Zum einen bei der Bildung. Das Wirtschaftswissen der Österreicher wird nur durch die Griechen unterboten. In Österreich muss sich keiner genieren, wenn er über Börsen oder wirtschaftliche Zusammenhänge nichts weiß. Ich glaube, den Politikern gefällt das sogar. Sie spielen mit dieser Unkenntnis der Bevölkerung und verteilen Wahlzuckerln, die die Leute dann am Ende über höhere Steuern selbst bezahlen müssen.

Zu Beginn dieses Jahrtausends haben allerdings viele Österreicher Aktien gekauft und viel Geld damit verloren.
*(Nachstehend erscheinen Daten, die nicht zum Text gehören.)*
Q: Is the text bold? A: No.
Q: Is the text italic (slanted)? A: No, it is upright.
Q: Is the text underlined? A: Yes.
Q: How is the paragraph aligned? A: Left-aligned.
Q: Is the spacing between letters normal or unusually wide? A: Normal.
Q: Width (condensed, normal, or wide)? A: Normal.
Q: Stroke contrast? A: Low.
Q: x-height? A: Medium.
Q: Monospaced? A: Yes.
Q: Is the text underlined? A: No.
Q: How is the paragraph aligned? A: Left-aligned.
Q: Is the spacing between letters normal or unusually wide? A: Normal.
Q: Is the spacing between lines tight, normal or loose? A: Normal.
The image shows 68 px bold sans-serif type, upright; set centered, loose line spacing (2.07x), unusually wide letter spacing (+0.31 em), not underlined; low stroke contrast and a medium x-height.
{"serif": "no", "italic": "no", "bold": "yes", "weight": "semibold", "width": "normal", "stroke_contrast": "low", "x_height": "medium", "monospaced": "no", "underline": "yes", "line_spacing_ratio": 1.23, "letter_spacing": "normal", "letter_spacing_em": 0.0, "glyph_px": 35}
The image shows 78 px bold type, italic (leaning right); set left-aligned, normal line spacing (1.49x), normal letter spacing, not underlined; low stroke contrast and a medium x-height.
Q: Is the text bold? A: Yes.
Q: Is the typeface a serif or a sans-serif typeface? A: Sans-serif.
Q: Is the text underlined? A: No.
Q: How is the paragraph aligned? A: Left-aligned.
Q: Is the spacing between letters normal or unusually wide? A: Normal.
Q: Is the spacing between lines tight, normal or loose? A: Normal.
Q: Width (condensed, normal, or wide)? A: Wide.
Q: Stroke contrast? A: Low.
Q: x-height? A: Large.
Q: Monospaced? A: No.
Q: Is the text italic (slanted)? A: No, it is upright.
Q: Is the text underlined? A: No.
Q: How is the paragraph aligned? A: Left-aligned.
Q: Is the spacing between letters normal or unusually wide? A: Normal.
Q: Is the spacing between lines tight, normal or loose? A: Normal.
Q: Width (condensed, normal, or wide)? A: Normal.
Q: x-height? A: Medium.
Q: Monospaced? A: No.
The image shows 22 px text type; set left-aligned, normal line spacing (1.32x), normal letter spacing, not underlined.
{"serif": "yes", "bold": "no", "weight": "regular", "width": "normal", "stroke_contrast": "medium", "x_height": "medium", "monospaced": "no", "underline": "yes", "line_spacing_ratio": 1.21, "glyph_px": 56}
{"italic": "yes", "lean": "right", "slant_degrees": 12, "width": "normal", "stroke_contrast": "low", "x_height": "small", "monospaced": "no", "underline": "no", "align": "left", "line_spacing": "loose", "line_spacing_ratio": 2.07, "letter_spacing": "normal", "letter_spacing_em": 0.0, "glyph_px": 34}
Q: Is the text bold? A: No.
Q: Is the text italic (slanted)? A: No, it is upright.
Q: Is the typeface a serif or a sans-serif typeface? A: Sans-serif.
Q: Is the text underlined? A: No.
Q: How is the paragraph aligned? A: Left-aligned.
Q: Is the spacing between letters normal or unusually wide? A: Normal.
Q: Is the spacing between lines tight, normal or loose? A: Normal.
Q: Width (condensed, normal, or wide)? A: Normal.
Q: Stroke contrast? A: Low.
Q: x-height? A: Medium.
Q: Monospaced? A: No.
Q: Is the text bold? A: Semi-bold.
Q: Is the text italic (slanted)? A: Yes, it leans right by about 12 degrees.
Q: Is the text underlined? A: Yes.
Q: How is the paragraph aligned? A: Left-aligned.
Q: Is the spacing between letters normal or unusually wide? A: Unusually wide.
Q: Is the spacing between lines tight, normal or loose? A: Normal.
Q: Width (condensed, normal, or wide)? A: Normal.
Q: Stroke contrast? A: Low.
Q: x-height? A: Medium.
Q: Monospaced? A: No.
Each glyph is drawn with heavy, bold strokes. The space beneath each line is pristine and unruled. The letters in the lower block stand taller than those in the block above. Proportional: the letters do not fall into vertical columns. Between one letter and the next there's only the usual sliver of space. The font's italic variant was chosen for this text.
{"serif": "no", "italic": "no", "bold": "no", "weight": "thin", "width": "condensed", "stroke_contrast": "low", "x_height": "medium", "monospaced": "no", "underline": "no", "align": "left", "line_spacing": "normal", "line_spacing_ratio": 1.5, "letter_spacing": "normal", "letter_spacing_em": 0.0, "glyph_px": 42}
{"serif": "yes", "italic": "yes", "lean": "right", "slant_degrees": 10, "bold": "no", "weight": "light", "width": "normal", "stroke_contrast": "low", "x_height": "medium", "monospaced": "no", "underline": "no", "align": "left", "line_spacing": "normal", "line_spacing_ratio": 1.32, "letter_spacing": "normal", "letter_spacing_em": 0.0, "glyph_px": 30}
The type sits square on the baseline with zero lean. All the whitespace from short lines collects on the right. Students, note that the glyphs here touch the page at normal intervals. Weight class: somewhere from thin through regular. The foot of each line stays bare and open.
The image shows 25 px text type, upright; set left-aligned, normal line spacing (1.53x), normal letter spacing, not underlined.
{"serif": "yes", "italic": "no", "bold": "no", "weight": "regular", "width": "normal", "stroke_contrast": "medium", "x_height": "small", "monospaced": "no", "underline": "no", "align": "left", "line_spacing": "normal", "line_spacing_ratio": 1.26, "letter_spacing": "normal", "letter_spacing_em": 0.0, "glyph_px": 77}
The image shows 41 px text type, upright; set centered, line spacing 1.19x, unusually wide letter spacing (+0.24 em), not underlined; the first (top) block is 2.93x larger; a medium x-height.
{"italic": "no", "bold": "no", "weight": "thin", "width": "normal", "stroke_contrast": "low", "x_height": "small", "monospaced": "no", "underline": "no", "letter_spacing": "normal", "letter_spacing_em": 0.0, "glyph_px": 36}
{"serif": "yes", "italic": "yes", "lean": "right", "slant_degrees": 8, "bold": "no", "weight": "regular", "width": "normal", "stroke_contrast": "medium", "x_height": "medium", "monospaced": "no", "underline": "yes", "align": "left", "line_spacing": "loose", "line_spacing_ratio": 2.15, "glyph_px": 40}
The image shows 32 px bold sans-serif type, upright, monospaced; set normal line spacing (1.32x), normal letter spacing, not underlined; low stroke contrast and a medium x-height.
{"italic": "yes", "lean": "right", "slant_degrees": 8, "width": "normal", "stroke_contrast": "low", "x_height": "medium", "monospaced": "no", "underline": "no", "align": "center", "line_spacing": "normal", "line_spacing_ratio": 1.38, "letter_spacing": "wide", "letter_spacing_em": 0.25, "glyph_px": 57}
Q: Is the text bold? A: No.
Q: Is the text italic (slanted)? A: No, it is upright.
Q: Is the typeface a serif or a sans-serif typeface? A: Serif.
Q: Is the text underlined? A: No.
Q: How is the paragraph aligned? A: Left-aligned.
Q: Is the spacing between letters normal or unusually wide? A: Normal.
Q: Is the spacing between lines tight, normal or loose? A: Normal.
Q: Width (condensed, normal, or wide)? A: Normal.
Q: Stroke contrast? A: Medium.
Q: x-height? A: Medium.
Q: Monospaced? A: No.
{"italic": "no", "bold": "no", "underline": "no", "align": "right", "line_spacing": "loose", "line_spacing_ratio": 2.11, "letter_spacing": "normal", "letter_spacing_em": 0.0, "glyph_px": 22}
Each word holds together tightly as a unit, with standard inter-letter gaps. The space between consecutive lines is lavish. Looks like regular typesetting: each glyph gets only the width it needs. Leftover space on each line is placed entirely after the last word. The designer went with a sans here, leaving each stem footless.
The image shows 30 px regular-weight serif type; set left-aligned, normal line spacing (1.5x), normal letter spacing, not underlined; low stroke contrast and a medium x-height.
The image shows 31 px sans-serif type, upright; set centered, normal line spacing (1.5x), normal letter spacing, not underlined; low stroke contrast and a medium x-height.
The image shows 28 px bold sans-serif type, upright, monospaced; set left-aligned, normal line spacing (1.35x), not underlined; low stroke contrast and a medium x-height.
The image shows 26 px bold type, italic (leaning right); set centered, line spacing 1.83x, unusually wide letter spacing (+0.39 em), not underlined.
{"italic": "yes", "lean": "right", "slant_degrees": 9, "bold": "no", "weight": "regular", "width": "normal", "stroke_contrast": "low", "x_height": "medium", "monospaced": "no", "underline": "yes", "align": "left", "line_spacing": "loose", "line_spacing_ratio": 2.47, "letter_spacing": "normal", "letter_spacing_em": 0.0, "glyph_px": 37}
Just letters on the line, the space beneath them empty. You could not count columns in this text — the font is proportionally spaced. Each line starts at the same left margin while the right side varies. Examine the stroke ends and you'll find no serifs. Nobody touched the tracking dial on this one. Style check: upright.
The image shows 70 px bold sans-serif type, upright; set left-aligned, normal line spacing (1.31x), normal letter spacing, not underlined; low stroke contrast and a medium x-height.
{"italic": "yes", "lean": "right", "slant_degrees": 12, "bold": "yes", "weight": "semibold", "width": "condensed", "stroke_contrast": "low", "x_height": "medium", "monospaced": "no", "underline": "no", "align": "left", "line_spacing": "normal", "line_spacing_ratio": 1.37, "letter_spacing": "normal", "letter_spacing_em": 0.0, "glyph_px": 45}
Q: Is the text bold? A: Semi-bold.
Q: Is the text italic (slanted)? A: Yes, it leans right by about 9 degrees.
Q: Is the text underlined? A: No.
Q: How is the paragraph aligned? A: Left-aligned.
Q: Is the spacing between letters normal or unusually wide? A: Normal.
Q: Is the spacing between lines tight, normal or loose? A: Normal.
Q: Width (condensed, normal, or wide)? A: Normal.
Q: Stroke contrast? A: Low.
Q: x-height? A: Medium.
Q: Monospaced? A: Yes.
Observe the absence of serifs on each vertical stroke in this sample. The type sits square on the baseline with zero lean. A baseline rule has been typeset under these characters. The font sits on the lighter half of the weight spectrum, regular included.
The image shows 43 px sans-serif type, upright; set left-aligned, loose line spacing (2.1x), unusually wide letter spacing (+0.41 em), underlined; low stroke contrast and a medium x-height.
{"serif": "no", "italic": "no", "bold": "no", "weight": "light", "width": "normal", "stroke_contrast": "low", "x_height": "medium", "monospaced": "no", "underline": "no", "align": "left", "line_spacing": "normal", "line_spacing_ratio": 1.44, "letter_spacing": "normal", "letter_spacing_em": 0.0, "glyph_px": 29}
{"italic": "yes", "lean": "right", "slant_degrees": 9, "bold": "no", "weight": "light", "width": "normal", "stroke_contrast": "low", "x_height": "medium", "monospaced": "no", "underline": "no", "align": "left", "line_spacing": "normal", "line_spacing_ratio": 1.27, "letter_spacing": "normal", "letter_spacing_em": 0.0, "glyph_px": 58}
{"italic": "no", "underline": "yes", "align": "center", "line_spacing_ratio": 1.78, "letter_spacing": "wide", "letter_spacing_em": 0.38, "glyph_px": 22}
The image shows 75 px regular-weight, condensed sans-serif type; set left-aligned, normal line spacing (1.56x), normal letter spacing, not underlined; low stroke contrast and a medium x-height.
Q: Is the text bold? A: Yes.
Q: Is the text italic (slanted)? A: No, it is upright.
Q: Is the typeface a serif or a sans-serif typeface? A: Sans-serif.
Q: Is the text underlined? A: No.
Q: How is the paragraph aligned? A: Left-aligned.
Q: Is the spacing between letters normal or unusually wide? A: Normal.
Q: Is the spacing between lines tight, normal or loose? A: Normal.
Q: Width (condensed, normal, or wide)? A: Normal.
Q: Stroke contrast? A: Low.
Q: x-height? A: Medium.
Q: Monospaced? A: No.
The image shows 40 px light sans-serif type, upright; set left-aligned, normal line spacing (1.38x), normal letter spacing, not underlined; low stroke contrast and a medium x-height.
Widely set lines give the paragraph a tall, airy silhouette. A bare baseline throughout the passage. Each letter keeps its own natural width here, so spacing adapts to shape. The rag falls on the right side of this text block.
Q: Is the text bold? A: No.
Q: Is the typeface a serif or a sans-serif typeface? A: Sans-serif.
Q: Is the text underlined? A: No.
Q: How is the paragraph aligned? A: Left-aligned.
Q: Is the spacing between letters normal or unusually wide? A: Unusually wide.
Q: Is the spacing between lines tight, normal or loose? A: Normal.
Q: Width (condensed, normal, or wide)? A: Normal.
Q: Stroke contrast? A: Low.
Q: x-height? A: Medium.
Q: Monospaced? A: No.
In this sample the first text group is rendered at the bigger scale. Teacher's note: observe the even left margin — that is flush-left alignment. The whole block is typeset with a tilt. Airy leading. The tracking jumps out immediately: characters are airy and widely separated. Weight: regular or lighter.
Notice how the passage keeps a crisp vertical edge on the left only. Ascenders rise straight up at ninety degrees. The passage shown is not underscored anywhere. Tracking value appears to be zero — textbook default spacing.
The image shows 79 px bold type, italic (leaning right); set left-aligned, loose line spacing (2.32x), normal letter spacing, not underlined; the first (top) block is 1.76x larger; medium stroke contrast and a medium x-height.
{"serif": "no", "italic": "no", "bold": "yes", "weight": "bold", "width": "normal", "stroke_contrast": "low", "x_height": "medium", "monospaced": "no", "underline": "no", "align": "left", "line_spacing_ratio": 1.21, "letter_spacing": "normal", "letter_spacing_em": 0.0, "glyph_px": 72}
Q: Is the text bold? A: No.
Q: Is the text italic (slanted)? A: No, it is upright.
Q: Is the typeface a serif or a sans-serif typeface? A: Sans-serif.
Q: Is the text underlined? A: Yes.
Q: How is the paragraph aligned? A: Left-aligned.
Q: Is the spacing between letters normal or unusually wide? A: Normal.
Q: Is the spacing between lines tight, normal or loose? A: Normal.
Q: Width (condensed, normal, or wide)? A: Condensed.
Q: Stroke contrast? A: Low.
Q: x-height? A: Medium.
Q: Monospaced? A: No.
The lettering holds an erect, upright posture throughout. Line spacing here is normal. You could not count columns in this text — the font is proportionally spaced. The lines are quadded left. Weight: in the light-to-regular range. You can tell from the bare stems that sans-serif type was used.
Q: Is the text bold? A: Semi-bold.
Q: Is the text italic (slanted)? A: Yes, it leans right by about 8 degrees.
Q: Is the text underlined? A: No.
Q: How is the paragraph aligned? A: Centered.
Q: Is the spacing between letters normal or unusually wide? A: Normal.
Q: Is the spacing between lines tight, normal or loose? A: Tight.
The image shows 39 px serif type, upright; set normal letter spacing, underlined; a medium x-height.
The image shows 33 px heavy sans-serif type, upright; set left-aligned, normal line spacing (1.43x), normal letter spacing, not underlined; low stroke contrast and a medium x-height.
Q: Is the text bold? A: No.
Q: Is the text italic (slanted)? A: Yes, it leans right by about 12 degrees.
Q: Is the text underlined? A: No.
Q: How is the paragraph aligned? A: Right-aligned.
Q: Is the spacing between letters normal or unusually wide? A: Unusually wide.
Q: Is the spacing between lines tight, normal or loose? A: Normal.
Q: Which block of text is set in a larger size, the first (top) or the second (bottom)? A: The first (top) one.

Glauben Sie tatsächlich, dass man Kleinanleger wieder zu Aktienkäufen animieren könnte?

Wir haben an der Wiener Börse praktisch keine Privatanleger mehr. Es wäre aber schön, wenn wir viele hätten – nicht nur vier oder fünf Prozent der Bevölkerung, sondern 50 Prozent. Ein funktionierender Kapitalmarkt schafft Wachstum und Beschäftigung. Das muss man der Bevölkerung erklären. Und die Privatanleger könnten davon profitieren. Aber jetzt wird nur gejammert, dass wir ein Prozent Super-Reiche haben. Wenn aber sonst niemand Aktien kauft, ist er selber schuld, wenn er nicht zu Vermögen kommt.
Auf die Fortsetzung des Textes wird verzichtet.